Skip to first unread message

daniel.joha...@gmail.com

unread,

Sep 21, 2016, 11:11:24 AM9/21/16

to UCSC Xena and Cancer Genomics Browser

Dear UCSC Community,

I am working with data processed by the UCSC Xena Team using their Toil RNA-seq CGL Pipeline. All data files were downloaded from http://xena.ucsc.edu using an S3 bucket link that was provided in the help section this July. The publication related to this data is here: http://dx.doi.org/10.1101/062497

While working with the data, I discovered some inconsistencies which I would like to discuss within the community.

1) The files tcga_expected_count and tcga_RSEM_gene_tpm contain 10657 and 10490 samples respectively and the sample names do not fully overlap. Both files are based on the RSEM output, so I would expect overlapping and matching sample numbers and names.

2) Based on the file TCGA_TARGET_phenotype.txt, I discovered several samples (e.g. TCGA-17-Z000-01) for which the columns sample_type or gender had no values. The GDC data portal however claims that this specific sample is of sample type "Primary Tumor".

3) Sample names seem to omit some characters. For the sample TCGA-17-Z000-01 the GDC data portal claims the sample submitter id TCGA-17-Z000-01A. Why are sample names in UCSC Xena truncated?

4) Some samples appear more than once in the file tcga_RSEM_gene_tpm. The sample id TCGA-38-4625-01 can be found on column 7397 and 10441. The expression values differ. Reading this data into R caused the sample names to be renamed to TCGA-38-4625-01.1 and TCGA-38-4625-01.2 while using check.names = FALSE.

5) Some samples from the file TCGA_TARGET_phenotype.txt are missing the expression files. 200 samples match the string "TCGA Acute Myeloid Leukemia", however those samples cannot be found in the file tcga_RSEM_gene_tpm. The same holds true for the Osteosarcoma samples from TARGET.

6) The file GTEX_phenotype.txt contains 5 samples that have the column "body_site_detail (SMTSD)" filled out (e.g. Stomach) while the column _primary_site is empty. Cleary those values can be derived from the body_site_detail column.

7) The file GTEX_phenotype.txt contains 9783 samples while the file contains only 7863 columns with expression values. Why are there apparently 1919 samples missing?

8) The file TCGA_TARGET_phenotype.txt claims 18,046 samples for TCGA and TARGET combined. However neither the files tcga_RSEM_gene_tpm and target_RSEM_gene_tpm (11,224 samples) nor the information on the website https://xenabrowser.net/datapages/?host=https://toil.xenahubs.net (11,928 samples) support this total sample number of the combined TCGA and TARGET data set.
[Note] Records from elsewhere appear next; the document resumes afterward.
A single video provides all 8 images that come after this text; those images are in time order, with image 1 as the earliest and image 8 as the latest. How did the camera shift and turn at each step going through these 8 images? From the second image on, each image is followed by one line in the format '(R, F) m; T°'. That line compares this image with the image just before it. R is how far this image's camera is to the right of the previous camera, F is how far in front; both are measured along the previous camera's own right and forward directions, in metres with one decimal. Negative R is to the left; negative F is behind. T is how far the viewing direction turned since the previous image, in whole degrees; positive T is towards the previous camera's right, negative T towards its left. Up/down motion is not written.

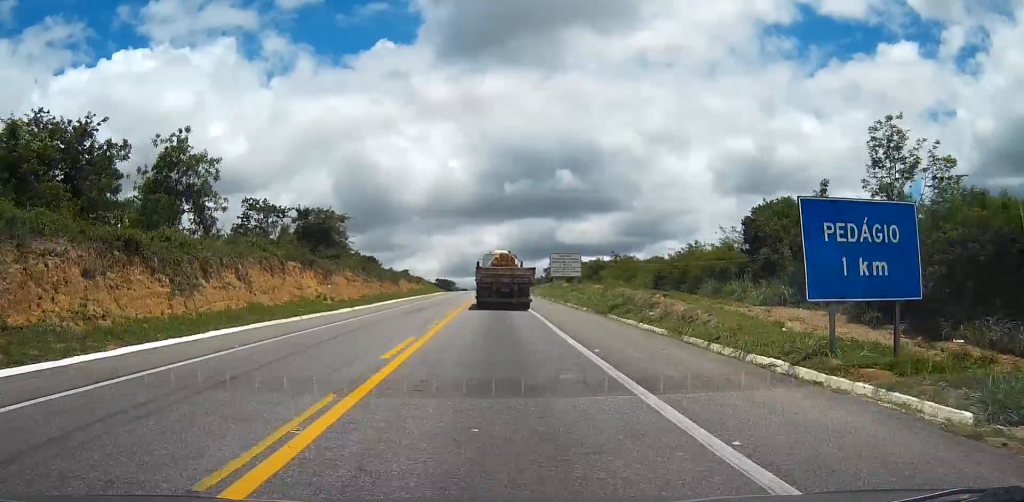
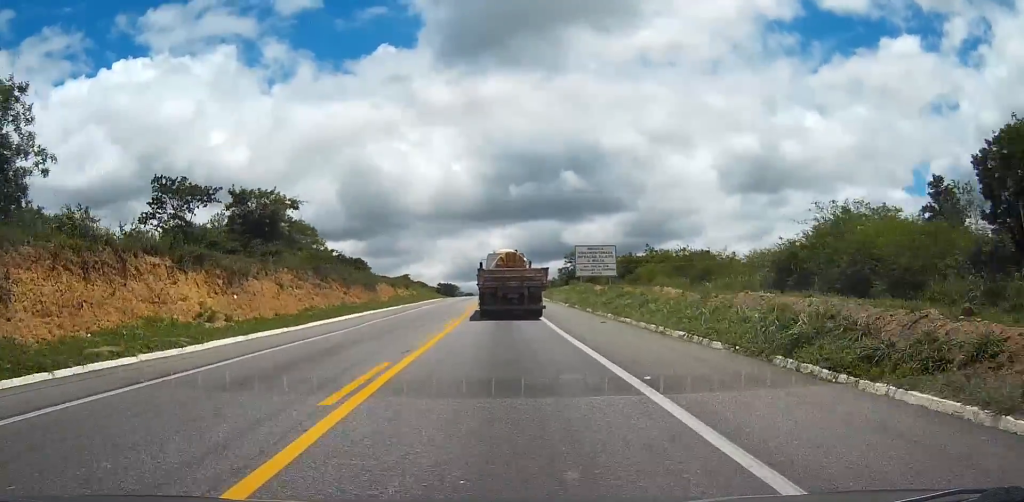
(-0.2, +19.5) m; 0°
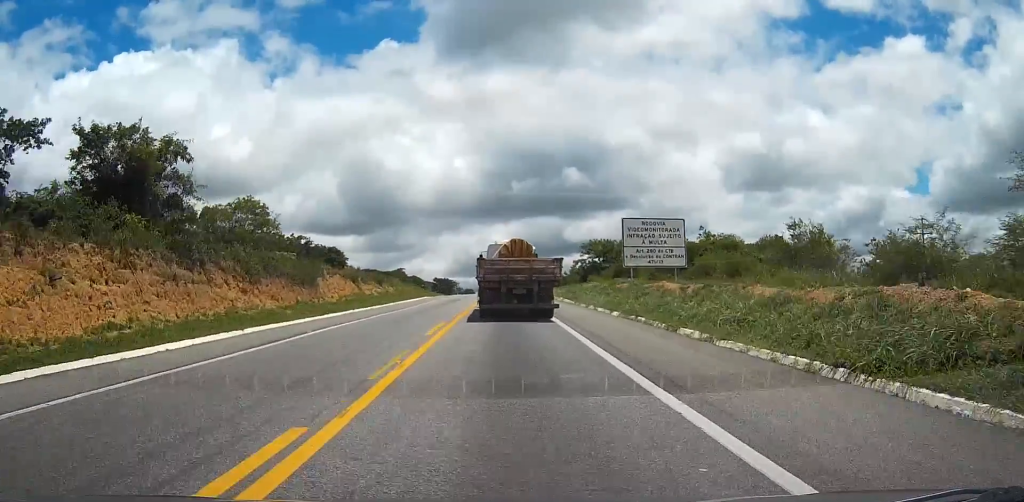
(0.0, +21.3) m; 0°
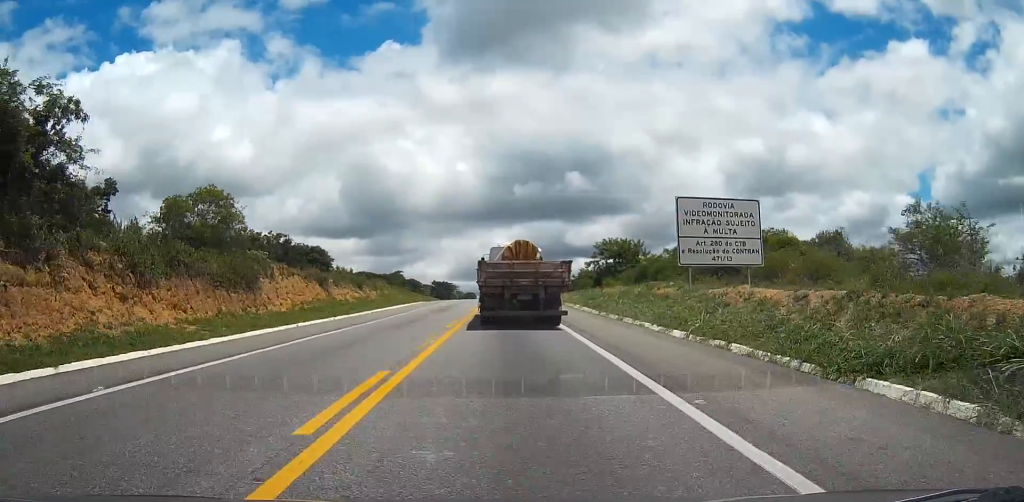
(0.0, +10.9) m; 0°
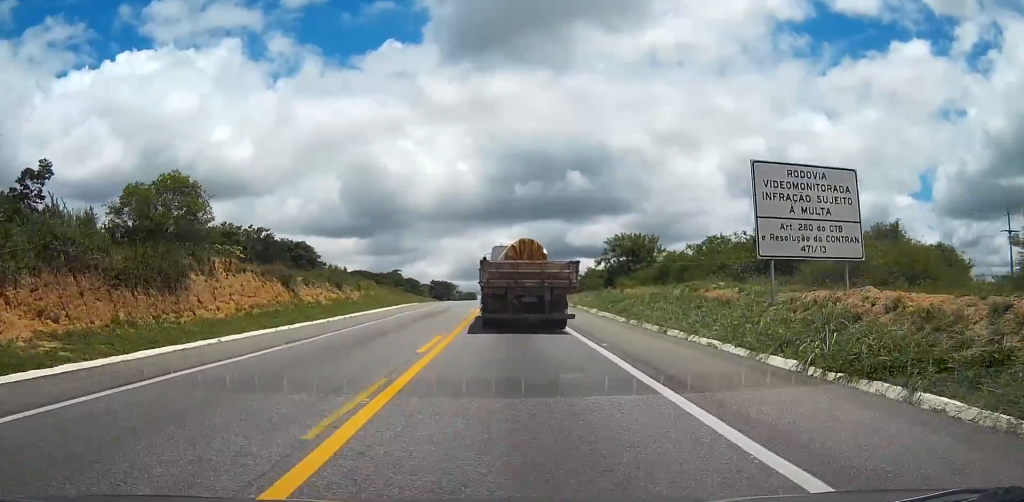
(0.0, +7.9) m; 0°
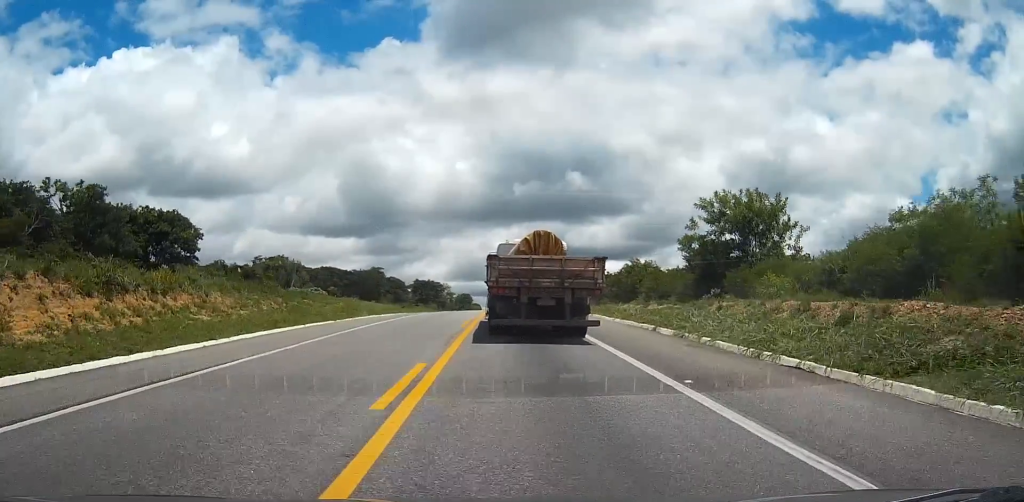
(0.0, +36.7) m; +1°
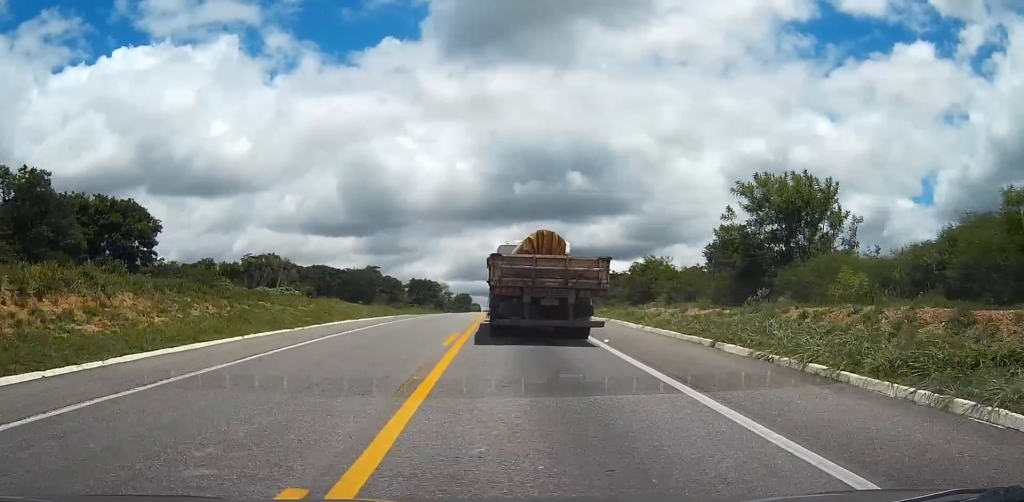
(0.0, +7.4) m; 0°
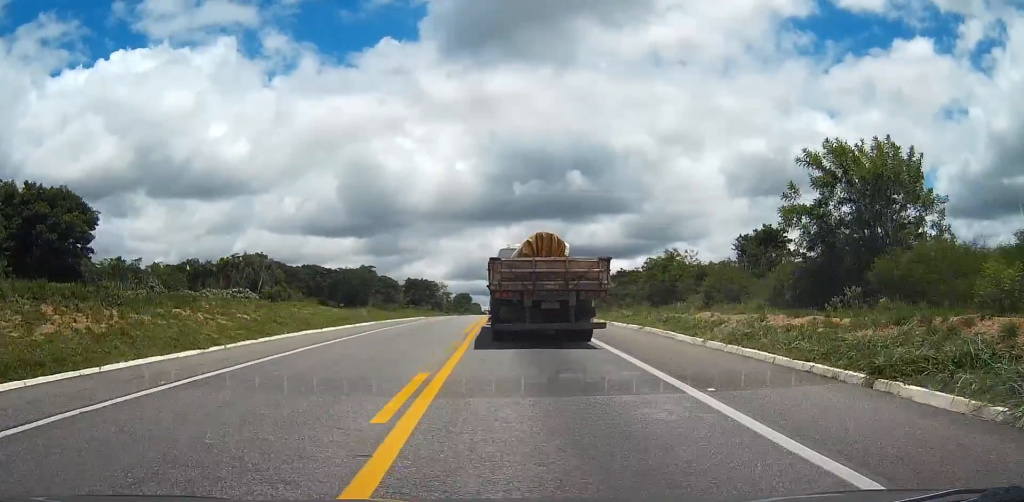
(0.0, +8.7) m; 0°

9) Sample numbers between the file tcga_RSEM_gene_tpm (10490) and the file tcga_Kallisto_tpm (10663) differ. Is it not expected to get the same number of sample columns between those two files, while the only difference is one used RSEM and the other one Kallisto to compute TPM values?

10) It would be nice to add mappings to Uberon using the primary site and the disease ontology using the cancer type. In addition it would be of value to harmonize the body sites and the naming between GTEx and TCGA/TARGET in order to better compare normals to tumors.

Thanks for helping,

Best, Daniel

Mary Goldman

unread,

Sep 26, 2016, 11:58:47 AM9/26/16

to daniel.joha...@gmail.com, UCSC Xena and Cancer Genomics Browser

Hi Daniel,

Please find replies inline. Note that we do not have answers to all your questions but I wanted to reply with the answers we do have as of now.

Best,
Mary
-------------
Mary Goldman
UCSC Xena Browser
http://xena.ucsc.edu/

---------- Forwarded message ----------
From: <daniel.johannes.gerlach@gmail.com>
Date: Wed, Sep 21, 2016 at 4:51 AM
Subject: [ucsc-cancer-genomics-browser] Inconsistencies in UCSC Xena Toil RNA-seq CGL processed samples
To: UCSC Xena and Cancer Genomics Browser <ucsc-cancer-genomics-browser@googlegroups.com>

Dear UCSC Community,

I am working with data processed by the UCSC Xena Team using their Toil RNA-seq CGL Pipeline. All data files were downloaded from http://xena.ucsc.edu using an S3 bucket link that was provided in the help section this July. The publication related to this data is here: http://dx.doi.org/10.1101/062497

While working with the data, I discovered some inconsistencies which I would like to discuss within the community.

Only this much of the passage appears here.